SOURCE DATA>
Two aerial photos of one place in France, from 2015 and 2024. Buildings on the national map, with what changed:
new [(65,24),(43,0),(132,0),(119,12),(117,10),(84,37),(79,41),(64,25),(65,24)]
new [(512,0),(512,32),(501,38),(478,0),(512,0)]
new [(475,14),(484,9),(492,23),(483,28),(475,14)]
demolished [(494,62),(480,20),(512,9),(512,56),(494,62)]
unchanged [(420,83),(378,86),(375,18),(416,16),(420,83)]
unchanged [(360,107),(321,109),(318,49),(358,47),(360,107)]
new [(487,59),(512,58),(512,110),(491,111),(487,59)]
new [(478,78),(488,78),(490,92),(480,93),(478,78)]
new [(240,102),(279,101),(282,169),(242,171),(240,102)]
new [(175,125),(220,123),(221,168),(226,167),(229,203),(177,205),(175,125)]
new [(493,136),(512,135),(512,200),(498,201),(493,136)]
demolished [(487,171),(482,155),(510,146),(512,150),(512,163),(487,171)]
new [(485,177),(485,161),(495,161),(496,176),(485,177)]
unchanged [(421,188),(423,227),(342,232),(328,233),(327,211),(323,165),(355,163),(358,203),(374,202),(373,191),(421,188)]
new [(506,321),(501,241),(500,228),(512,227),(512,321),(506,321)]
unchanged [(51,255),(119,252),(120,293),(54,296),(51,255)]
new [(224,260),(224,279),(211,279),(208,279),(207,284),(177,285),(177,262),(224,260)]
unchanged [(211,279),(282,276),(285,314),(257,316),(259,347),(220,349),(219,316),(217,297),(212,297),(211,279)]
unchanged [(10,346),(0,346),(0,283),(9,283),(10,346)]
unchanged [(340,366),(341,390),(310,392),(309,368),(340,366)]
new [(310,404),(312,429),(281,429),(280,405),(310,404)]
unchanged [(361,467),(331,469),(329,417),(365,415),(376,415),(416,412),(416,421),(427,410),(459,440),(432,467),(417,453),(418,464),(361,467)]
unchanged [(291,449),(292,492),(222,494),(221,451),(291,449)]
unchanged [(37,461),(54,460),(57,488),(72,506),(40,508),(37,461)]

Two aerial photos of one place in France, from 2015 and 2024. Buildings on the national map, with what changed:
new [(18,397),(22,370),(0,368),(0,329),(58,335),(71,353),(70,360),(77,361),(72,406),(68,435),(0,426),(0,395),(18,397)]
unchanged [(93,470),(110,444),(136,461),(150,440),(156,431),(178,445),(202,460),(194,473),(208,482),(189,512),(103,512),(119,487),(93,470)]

TASK PROMPT>
Gather each line of the records holding the string "demolished".

RESULT OF THE TASK>
demolished [(494,62),(480,20),(512,9),(512,56),(494,62)]
demolished [(487,171),(482,155),(510,146),(512,150),(512,163),(487,171)]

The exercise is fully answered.